Add LoRA adapters so only need to update 1-10% of all parameters

In [None]:
model = FastLanguageModel.get_peft_model(
    model,
    r = 16, # Choose any number > 0 ! Suggested 8, 16, 32, 64, 128
    target_modules = ["q_proj", "k_proj", "v_proj", "o_proj",
                      "gate_proj", "up_proj", "down_proj",],
    lora_alpha = 16,
    lora_dropout = 0, # Supports any, but = 0 is optimized
    bias = "none",    # Supports any, but = "none" is optimized
    # [NEW] "unsloth" uses 30% less VRAM, fits 2x larger batch sizes!
    use_gradient_checkpointing = "unsloth", # True or "unsloth" for very long context
    random_state = 3407,
    use_rslora = False,  # We support rank stabilized LoRA
    loftq_config = None, # And LoftQ
)

Preparing a dataset from Whatsapp chat data

In [None]:
import pandas as pd
from datasets import Dataset, load_dataset
from unsloth.chat_templates import get_chat_template

tokenizer = get_chat_template(
    tokenizer,
    chat_template="llama-3",  # Use the desired chat template
    mapping={"role": "from", "content": "value", "user": "human", "assistant": "gpt"}
)

# Define the formatting function
def formatting_prompts_func(examples):
    convos = examples["conversations"]
    texts = [tokenizer.apply_chat_template(convo, tokenize=False, add_generation_prompt=False) for convo in convos]
    return {"text": texts}

df = pd.read_csv("all_chat_data.csv")
conversations = []
for _, row in df.iterrows():
    try:
        conversation = [
            {'from': 'human', 'value': str(row['Prompt'])},
            {'from': 'assistant', 'value': str(row['Response'])}
        ]
        conversations.append(conversation)
    except:
        print(_ , row)


dataset = Dataset.from_dict({"conversations": conversations})
dataset = dataset.map(formatting_prompts_func, batched=True)

testing

In [None]:
dataset[5]["conversations"]

I train the model using Huggingface TRL's `SFTTrainer`. I set the number of epochs to 1, for testing purposes, but it is generally recommended to set it to 2 or 3. This can be experiemented.
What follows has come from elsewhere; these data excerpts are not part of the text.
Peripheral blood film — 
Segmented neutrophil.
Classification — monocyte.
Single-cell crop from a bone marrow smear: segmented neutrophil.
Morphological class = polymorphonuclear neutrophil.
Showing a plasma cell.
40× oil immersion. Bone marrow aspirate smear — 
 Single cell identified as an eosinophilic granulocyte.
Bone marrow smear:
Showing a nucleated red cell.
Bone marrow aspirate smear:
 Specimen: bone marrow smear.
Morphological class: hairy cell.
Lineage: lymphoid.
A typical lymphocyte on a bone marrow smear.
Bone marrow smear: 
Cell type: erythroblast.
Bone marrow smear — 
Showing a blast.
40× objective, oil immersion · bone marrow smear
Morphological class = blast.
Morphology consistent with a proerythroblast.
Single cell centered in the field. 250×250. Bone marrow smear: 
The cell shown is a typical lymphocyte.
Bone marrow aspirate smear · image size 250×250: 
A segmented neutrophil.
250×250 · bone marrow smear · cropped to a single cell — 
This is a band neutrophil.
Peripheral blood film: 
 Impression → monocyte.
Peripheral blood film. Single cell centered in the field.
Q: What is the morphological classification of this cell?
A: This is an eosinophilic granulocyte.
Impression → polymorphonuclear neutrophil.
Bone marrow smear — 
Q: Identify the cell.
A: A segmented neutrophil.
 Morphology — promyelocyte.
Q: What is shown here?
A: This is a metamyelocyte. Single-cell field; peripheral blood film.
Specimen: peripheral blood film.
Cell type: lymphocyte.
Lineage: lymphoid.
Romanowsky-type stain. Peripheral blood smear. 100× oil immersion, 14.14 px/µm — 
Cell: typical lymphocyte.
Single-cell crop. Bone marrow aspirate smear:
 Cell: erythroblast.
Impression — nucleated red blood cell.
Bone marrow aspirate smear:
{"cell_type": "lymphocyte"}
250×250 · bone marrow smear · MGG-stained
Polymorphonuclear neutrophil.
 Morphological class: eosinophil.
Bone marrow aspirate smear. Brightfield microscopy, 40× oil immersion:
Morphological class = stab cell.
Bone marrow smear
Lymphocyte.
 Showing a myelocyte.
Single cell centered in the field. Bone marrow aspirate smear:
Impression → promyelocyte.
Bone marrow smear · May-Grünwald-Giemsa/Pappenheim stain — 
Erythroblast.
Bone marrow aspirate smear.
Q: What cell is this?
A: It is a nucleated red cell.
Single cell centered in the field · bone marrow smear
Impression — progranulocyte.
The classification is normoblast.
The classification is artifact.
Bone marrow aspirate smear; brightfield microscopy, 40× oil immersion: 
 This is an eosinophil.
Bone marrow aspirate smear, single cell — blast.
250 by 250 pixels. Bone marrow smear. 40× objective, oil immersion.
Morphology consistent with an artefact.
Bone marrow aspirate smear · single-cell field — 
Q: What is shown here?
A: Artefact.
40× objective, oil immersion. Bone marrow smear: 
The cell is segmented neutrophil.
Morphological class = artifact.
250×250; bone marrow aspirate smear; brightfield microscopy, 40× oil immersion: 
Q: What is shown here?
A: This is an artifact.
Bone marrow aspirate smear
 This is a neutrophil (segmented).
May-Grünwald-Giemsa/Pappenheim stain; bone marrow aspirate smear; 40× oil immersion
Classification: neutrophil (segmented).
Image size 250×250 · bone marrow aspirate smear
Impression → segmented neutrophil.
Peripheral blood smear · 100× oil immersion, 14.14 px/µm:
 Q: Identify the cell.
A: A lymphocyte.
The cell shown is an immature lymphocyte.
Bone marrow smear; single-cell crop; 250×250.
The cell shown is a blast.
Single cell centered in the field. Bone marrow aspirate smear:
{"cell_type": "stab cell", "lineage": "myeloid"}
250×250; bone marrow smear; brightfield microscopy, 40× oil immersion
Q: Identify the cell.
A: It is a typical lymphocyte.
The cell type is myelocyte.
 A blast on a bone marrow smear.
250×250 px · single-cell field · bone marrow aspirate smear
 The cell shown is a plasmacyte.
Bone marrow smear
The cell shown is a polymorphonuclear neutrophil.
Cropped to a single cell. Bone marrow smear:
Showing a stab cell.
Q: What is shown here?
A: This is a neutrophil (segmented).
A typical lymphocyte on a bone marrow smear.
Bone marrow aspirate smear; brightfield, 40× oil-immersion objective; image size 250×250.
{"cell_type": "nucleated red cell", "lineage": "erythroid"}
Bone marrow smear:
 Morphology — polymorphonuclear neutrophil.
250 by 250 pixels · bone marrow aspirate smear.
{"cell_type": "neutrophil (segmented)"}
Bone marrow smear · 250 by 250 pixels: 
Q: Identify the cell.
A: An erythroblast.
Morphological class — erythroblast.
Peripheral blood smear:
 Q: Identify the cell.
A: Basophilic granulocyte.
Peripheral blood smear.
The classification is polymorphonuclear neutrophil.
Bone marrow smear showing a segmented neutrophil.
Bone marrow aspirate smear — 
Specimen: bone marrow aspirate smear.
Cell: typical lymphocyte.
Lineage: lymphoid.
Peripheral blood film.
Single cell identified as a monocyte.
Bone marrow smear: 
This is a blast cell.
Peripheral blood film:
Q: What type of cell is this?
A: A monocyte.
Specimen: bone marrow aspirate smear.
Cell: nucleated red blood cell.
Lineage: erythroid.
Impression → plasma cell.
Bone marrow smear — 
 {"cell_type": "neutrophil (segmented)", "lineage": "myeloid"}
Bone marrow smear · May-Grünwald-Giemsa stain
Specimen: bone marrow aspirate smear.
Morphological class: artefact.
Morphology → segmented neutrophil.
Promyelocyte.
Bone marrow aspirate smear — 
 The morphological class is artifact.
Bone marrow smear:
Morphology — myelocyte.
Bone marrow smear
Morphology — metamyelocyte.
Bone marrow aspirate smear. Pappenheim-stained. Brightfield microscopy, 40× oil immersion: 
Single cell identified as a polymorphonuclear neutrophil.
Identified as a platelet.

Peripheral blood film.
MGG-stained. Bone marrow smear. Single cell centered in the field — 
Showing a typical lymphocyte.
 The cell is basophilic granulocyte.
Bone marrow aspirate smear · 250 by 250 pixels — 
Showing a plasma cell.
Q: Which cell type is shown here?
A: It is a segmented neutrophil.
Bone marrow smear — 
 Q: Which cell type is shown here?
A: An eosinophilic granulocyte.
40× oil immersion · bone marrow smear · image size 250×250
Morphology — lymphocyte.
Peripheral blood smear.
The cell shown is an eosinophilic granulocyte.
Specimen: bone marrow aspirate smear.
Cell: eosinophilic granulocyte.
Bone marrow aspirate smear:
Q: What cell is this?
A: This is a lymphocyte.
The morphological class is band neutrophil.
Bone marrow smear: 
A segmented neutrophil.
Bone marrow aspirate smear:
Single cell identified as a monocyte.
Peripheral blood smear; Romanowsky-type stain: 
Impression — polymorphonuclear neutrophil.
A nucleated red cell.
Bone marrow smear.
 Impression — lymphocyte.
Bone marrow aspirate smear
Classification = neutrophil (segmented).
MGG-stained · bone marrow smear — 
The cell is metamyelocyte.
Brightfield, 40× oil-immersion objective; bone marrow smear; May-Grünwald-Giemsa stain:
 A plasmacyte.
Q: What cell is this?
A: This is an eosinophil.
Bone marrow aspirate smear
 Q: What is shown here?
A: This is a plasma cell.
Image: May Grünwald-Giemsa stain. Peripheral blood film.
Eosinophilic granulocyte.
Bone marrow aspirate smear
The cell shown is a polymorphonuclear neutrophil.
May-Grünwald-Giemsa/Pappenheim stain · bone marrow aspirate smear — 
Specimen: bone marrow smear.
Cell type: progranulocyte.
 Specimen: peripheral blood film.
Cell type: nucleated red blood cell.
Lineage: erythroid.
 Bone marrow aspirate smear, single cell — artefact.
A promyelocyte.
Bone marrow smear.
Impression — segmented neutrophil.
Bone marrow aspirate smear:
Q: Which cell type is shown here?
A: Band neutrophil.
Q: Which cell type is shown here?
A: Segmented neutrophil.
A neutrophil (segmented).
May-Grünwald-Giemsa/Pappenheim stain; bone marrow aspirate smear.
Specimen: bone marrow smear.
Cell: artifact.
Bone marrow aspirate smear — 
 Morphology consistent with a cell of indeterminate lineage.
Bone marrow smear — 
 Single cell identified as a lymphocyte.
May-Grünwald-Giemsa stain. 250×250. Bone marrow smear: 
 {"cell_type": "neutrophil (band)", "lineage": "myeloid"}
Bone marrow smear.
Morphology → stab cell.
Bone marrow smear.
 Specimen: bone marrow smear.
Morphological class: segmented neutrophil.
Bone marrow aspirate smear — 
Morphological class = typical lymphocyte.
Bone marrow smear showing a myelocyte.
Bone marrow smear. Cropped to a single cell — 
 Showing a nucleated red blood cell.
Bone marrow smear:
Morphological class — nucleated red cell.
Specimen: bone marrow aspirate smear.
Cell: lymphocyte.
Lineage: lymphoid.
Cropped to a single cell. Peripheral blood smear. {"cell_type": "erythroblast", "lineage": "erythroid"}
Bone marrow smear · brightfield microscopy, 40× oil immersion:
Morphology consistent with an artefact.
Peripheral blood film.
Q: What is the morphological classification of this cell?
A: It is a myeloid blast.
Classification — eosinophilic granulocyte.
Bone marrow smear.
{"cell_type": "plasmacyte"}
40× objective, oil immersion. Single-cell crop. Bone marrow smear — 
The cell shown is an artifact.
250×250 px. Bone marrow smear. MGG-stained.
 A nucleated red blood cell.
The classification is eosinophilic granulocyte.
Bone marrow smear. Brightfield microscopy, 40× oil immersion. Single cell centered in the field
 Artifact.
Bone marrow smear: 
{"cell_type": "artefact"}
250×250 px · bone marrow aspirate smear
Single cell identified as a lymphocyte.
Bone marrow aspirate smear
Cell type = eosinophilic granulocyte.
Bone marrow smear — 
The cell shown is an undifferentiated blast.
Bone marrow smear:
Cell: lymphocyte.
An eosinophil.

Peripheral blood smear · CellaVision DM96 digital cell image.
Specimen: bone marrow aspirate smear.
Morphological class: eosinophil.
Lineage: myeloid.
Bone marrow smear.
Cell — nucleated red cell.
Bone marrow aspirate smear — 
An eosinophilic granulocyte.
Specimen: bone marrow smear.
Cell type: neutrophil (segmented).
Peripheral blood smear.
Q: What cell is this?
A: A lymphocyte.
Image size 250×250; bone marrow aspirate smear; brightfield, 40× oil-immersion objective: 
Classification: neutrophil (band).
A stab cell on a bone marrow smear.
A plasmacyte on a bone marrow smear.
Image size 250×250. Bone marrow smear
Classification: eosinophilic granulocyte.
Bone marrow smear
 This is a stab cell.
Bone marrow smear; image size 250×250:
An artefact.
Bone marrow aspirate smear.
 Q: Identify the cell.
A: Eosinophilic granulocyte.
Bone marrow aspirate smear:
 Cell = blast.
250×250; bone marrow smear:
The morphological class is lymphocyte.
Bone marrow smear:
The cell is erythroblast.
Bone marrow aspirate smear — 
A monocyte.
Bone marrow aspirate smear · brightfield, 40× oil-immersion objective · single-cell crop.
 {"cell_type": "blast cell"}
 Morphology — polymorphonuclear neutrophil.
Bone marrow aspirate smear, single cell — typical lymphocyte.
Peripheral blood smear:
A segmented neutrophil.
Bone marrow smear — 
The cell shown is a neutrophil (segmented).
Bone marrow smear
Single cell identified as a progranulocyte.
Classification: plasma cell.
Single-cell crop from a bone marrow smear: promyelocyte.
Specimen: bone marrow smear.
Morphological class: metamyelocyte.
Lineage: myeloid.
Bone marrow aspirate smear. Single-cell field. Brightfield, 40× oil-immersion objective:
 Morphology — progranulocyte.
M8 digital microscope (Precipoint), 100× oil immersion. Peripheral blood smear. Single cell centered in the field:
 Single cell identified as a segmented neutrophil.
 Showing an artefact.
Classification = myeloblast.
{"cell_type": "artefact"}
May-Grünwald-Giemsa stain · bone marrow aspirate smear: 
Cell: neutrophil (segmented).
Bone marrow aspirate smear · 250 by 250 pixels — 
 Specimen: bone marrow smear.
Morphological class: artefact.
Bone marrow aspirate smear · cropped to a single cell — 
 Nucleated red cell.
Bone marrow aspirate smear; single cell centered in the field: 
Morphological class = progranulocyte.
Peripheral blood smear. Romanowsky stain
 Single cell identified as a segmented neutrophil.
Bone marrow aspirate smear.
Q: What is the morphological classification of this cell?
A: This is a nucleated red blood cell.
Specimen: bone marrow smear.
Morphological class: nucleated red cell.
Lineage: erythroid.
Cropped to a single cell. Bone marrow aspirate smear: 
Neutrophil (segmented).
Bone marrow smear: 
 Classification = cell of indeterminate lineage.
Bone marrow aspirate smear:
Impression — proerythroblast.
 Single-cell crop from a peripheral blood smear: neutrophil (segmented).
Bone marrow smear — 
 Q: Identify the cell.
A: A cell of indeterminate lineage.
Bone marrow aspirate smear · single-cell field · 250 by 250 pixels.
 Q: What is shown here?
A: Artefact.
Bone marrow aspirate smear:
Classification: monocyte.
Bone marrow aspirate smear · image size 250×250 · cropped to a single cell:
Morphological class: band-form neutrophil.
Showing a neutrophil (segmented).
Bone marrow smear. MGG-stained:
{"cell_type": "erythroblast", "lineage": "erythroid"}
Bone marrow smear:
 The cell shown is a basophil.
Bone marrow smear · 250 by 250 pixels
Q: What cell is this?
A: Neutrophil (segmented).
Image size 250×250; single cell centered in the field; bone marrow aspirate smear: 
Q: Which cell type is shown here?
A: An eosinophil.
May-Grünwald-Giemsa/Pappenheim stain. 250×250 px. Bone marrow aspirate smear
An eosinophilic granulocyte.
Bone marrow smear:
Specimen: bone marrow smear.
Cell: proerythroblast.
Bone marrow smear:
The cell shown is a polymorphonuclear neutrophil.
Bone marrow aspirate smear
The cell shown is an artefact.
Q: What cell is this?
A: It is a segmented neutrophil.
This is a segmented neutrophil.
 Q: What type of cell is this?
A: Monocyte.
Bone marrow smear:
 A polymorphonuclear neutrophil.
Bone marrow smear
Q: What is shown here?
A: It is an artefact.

Generally, do not od more than 3 epochs if `training loss` isn't decreasing with each epoch.

In [None]:
from trl import SFTTrainer
from transformers import TrainingArguments
from unsloth import is_bfloat16_supported

trainer = SFTTrainer(
    model = model,
    tokenizer = tokenizer,
    train_dataset = dataset,
    dataset_text_field = "text",
    max_seq_length = max_seq_length,
    dataset_num_proc = 2,
    packing = False, # Can make training 5x faster for short sequences.
    args = TrainingArguments(
        per_device_train_batch_size = 2,
        gradient_accumulation_steps = 4,
        warmup_steps = 5,
        num_train_epochs=1,
        learning_rate = 2e-4,
        fp16 = not is_bfloat16_supported(),
        bf16 = is_bfloat16_supported(),
        logging_steps = 1,
        optim = "adamw_8bit",
        weight_decay = 0.01,
        lr_scheduler_type = "linear",
        seed = 3407,
        output_dir = "outputs",
    ),
)

In [None]:
trainer_stats = trainer.train()

## Inference

We have trained the model. Let's do some inference on it!

In [None]:
from unsloth.chat_templates import get_chat_template
from transformers import TextStreamer

tokenizer = get_chat_template(
    tokenizer,
    chat_template = "llama-3", # Supports zephyr, chatml, mistral, llama, alpaca, vicuna, vicuna_old, unsloth
    mapping = {"role" : "from", "content" : "value", "user" : "human", "assistant" : "gpt"}, # ShareGPT style
)
text_streamer = TextStreamer(tokenizer)
FastLanguageModel.for_inference(model) # Enable native 2x faster inference

messages = [
    {"from": "human", "value": "Pagal ho gya hai kya"},
]
inputs = tokenizer.apply_chat_template(
    messages,
    tokenize = True,
    add_generation_prompt = True, # Must add for generation
    return_tensors = "pt",
).to("cuda")

output = model.generate(input_ids = inputs, streamer = text_streamer, max_new_tokens = 128, use_cache = True)

## Saving model

We save the fine tuned model as LoRA adapters. We can also save it as GGUF or 16bit (later !)

In [None]:
model.save_pretrained("lora_model") # Local saving

We save it as GGUF so that we can use it with Ollama. Unsloth allows all methods such as `q4_k_m`. 

In [None]:
# Save to 8bit Q8_0
if True: model.save_pretrained_gguf("model", tokenizer,)
if False: model.push_to_hub_gguf("hf/model", tokenizer, token = "")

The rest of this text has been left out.